#### [TASK TO CARRY OUT]
Return the data below in full, matching every line exactly.

#### [TASK INPUT]
▼

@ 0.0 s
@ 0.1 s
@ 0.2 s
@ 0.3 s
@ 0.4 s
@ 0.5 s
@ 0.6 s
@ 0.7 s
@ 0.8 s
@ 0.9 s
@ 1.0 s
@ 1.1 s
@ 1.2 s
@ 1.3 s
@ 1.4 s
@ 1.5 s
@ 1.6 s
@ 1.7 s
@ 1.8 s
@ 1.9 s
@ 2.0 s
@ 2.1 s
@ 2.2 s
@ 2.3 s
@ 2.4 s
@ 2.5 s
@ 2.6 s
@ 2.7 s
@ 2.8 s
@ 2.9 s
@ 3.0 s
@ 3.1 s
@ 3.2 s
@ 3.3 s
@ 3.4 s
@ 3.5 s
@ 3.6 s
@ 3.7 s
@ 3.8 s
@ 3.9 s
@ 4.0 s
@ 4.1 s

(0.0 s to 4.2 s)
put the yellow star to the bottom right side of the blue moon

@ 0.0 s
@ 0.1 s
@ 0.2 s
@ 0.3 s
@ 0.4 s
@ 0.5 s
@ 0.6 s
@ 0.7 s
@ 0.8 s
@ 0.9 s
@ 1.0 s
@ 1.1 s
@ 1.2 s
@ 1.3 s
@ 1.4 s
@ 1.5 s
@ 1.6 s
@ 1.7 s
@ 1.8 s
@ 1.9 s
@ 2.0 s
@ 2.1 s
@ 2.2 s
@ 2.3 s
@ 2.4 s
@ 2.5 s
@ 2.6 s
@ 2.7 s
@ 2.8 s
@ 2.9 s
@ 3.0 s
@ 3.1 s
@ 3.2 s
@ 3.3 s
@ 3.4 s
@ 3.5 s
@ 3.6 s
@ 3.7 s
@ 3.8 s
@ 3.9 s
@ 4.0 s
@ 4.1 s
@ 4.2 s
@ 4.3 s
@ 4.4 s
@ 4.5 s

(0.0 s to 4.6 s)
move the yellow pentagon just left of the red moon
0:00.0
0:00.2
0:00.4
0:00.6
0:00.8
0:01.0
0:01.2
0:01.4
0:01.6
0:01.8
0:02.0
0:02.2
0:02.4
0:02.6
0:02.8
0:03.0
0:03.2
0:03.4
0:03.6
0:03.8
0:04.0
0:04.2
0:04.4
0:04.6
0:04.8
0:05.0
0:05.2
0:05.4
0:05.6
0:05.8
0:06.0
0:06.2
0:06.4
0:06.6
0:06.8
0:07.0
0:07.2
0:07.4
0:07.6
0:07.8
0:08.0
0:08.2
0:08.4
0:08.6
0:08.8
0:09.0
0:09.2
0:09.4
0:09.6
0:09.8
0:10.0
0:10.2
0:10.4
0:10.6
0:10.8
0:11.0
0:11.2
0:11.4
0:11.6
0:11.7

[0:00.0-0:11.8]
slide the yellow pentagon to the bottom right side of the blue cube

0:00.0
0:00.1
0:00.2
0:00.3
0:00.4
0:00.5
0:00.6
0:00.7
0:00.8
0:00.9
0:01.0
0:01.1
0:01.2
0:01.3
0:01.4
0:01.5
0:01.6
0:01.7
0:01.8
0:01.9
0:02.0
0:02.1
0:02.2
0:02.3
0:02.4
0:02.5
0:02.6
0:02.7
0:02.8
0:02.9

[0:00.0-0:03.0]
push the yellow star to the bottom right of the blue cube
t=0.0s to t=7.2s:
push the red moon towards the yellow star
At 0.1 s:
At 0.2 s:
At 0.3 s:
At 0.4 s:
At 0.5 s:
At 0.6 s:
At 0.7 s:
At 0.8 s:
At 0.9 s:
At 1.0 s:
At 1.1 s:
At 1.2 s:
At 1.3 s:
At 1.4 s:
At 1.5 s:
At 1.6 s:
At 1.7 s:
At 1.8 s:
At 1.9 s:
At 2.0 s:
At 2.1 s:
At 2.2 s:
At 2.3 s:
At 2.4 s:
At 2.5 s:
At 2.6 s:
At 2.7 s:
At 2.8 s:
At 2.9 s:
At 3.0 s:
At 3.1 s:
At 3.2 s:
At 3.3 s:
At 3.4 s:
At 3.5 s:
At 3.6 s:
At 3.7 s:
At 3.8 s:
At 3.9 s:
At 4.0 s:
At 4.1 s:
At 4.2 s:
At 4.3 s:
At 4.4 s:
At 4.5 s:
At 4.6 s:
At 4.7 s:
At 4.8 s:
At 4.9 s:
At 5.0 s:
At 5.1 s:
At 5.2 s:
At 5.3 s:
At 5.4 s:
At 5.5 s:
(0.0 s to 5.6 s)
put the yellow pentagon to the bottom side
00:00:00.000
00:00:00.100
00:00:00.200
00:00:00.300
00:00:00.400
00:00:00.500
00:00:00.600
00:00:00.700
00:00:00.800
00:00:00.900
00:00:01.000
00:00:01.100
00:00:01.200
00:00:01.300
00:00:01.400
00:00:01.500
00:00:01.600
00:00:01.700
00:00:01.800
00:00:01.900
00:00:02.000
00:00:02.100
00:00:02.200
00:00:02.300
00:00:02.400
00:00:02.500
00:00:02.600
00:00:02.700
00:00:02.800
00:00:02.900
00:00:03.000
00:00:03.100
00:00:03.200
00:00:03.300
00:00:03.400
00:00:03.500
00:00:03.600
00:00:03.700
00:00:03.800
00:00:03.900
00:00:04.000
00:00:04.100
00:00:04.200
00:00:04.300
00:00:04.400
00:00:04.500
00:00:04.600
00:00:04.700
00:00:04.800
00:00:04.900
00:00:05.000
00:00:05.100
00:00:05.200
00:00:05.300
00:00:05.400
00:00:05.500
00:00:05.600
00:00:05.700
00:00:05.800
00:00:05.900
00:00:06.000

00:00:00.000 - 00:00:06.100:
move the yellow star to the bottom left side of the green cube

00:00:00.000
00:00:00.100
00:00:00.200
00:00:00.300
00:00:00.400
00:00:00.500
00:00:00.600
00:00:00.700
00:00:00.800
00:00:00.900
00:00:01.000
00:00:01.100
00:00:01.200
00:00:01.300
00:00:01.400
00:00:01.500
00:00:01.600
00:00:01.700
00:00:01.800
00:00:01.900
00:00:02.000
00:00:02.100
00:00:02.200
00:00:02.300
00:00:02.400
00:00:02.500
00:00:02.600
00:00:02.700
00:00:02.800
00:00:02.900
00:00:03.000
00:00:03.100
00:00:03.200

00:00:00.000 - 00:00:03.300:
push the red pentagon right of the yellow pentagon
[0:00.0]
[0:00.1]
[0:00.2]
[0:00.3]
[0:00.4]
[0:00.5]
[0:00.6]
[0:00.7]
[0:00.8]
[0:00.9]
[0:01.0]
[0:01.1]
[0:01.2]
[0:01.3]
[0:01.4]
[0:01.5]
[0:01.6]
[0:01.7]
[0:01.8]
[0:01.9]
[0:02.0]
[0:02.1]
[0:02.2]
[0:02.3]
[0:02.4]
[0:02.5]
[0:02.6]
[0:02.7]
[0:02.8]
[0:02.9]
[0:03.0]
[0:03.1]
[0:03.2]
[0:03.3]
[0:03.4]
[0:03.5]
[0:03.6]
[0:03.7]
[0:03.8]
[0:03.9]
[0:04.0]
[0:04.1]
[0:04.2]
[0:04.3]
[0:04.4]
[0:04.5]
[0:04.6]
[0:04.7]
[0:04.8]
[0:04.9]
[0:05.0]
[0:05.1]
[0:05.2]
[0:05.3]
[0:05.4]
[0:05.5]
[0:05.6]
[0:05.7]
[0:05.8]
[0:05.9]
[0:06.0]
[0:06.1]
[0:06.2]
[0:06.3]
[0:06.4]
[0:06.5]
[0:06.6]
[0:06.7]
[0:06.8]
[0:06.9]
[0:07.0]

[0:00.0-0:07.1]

▲

#### [ANSWER BOX]
@ 0.0 s
@ 0.1 s
@ 0.2 s
@ 0.3 s
@ 0.4 s
@ 0.5 s
@ 0.6 s
@ 0.7 s
@ 0.8 s
@ 0.9 s
@ 1.0 s
@ 1.1 s
@ 1.2 s
@ 1.3 s
@ 1.4 s
@ 1.5 s
@ 1.6 s
@ 1.7 s
@ 1.8 s
@ 1.9 s
@ 2.0 s
@ 2.1 s
@ 2.2 s
@ 2.3 s
@ 2.4 s
@ 2.5 s
@ 2.6 s
@ 2.7 s
@ 2.8 s
@ 2.9 s
@ 3.0 s
@ 3.1 s
@ 3.2 s
@ 3.3 s
@ 3.4 s
@ 3.5 s
@ 3.6 s
@ 3.7 s
@ 3.8 s
@ 3.9 s
@ 4.0 s
@ 4.1 s

(0.0 s to 4.2 s)
put the yellow star to the bottom right side of the blue moon

@ 0.0 s
@ 0.1 s
@ 0.2 s
@ 0.3 s
@ 0.4 s
@ 0.5 s
@ 0.6 s
@ 0.7 s
@ 0.8 s
@ 0.9 s
@ 1.0 s
@ 1.1 s
@ 1.2 s
@ 1.3 s
@ 1.4 s
@ 1.5 s
@ 1.6 s
@ 1.7 s
@ 1.8 s
@ 1.9 s
@ 2.0 s
@ 2.1 s
@ 2.2 s
@ 2.3 s
@ 2.4 s
@ 2.5 s
@ 2.6 s
@ 2.7 s
@ 2.8 s
@ 2.9 s
@ 3.0 s
@ 3.1 s
@ 3.2 s
@ 3.3 s
@ 3.4 s
@ 3.5 s
@ 3.6 s
@ 3.7 s
@ 3.8 s
@ 3.9 s
@ 4.0 s
@ 4.1 s
@ 4.2 s
@ 4.3 s
@ 4.4 s
@ 4.5 s

(0.0 s to 4.6 s)
move the yellow pentagon just left of the red moon
0:00.0
0:00.2
0:00.4
0:00.6
0:00.8
0:01.0
0:01.2
0:01.4
0:01.6
0:01.8
0:02.0
0:02.2
0:02.4
0:02.6
0:02.8
0:03.0
0:03.2
0:03.4
0:03.6
0:03.8
0:04.0
0:04.2
0:04.4
0:04.6
0:04.8
0:05.0
0:05.2
0:05.4
0:05.6
0:05.8
0:06.0
0:06.2
0:06.4
0:06.6
0:06.8
0:07.0
0:07.2
0:07.4
0:07.6
0:07.8
0:08.0
0:08.2
0:08.4
0:08.6
0:08.8
0:09.0
0:09.2
0:09.4
0:09.6
0:09.8
0:10.0
0:10.2
0:10.4
0:10.6
0:10.8
0:11.0
0:11.2
0:11.4
0:11.6
0:11.7

[0:00.0-0:11.8]
slide the yellow pentagon to the bottom right side of the blue cube

0:00.0
0:00.1
0:00.2
0:00.3
0:00.4
0:00.5
0:00.6
0:00.7
0:00.8
0:00.9
0:01.0
0:01.1
0:01.2
0:01.3
0:01.4
0:01.5
0:01.6
0:01.7
0:01.8
0:01.9
0:02.0
0:02.1
0:02.2
0:02.3
0:02.4
0:02.5
0:02.6
0:02.7
0:02.8
0:02.9

[0:00.0-0:03.0]
push the yellow star to the bottom right of the blue cube
t=0.0s to t=7.2s:
push the red moon towards the yellow star
At 0.1 s:
At 0.2 s:
At 0.3 s:
At 0.4 s:
At 0.5 s:
At 0.6 s:
At 0.7 s:
At 0.8 s:
At 0.9 s:
At 1.0 s:
At 1.1 s:
At 1.2 s:
At 1.3 s:
At 1.4 s:
At 1.5 s:
At 1.6 s:
At 1.7 s:
At 1.8 s:
At 1.9 s:
At 2.0 s:
At 2.1 s:
At 2.2 s:
At 2.3 s:
At 2.4 s:
At 2.5 s:
At 2.6 s:
At 2.7 s:
At 2.8 s:
At 2.9 s:
At 3.0 s:
At 3.1 s:
At 3.2 s:
At 3.3 s:
At 3.4 s:
At 3.5 s:
At 3.6 s:
At 3.7 s:
At 3.8 s:
At 3.9 s:
At 4.0 s:
At 4.1 s:
At 4.2 s:
At 4.3 s:
At 4.4 s:
At 4.5 s:
At 4.6 s:
At 4.7 s:
At 4.8 s:
At 4.9 s:
At 5.0 s:
At 5.1 s:
At 5.2 s:
At 5.3 s:
At 5.4 s:
At 5.5 s:
(0.0 s to 5.6 s)
put the yellow pentagon to the bottom side
00:00:00.000
00:00:00.100
00:00:00.200
00:00:00.300
00:00:00.400
00:00:00.500
00:00:00.600
00:00:00.700
00:00:00.800
00:00:00.900
00:00:01.000
00:00:01.100
00:00:01.200
00:00:01.300
00:00:01.400
00:00:01.500
00:00:01.600
00:00:01.700
00:00:01.800
00:00:01.900
00:00:02.000
00:00:02.100
00:00:02.200
00:00:02.300
00:00:02.400
00:00:02.500
00:00:02.600
00:00:02.700
00:00:02.800
00:00:02.900
00:00:03.000
00:00:03.100
00:00:03.200
00:00:03.300
00:00:03.400
00:00:03.500
00:00:03.600
00:00:03.700
00:00:03.800
00:00:03.900
00:00:04.000
00:00:04.100
00:00:04.200
00:00:04.300
00:00:04.400
00:00:04.500
00:00:04.600
00:00:04.700
00:00:04.800
00:00:04.900
00:00:05.000
00:00:05.100
00:00:05.200
00:00:05.300
00:00:05.400
00:00:05.500
00:00:05.600
00:00:05.700
00:00:05.800
00:00:05.900
00:00:06.000

00:00:00.000 - 00:00:06.100:
move the yellow star to the bottom left side of the green cube

00:00:00.000
00:00:00.100
00:00:00.200
00:00:00.300
00:00:00.400
00:00:00.500
00:00:00.600
00:00:00.700
00:00:00.800
00:00:00.900
00:00:01.000
00:00:01.100
00:00:01.200
00:00:01.300
00:00:01.400
00:00:01.500
00:00:01.600
00:00:01.700
00:00:01.800
00:00:01.900
00:00:02.000
00:00:02.100
00:00:02.200
00:00:02.300
00:00:02.400
00:00:02.500
00:00:02.600
00:00:02.700
00:00:02.800
00:00:02.900
00:00:03.000
00:00:03.100
00:00:03.200

00:00:00.000 - 00:00:03.300:
push the red pentagon right of the yellow pentagon
[0:00.0]
[0:00.1]
[0:00.2]
[0:00.3]
[0:00.4]
[0:00.5]
[0:00.6]
[0:00.7]
[0:00.8]
[0:00.9]
[0:01.0]
[0:01.1]
[0:01.2]
[0:01.3]
[0:01.4]
[0:01.5]
[0:01.6]
[0:01.7]
[0:01.8]
[0:01.9]
[0:02.0]
[0:02.1]
[0:02.2]
[0:02.3]
[0:02.4]
[0:02.5]
[0:02.6]
[0:02.7]
[0:02.8]
[0:02.9]
[0:03.0]
[0:03.1]
[0:03.2]
[0:03.3]
[0:03.4]
[0:03.5]
[0:03.6]
[0:03.7]
[0:03.8]
[0:03.9]
[0:04.0]
[0:04.1]
[0:04.2]
[0:04.3]
[0:04.4]
[0:04.5]
[0:04.6]
[0:04.7]
[0:04.8]
[0:04.9]
[0:05.0]
[0:05.1]
[0:05.2]
[0:05.3]
[0:05.4]
[0:05.5]
[0:05.6]
[0:05.7]
[0:05.8]
[0:05.9]
[0:06.0]
[0:06.1]
[0:06.2]
[0:06.3]
[0:06.4]
[0:06.5]
[0:06.6]
[0:06.7]
[0:06.8]
[0:06.9]
[0:07.0]

[0:00.0-0:07.1]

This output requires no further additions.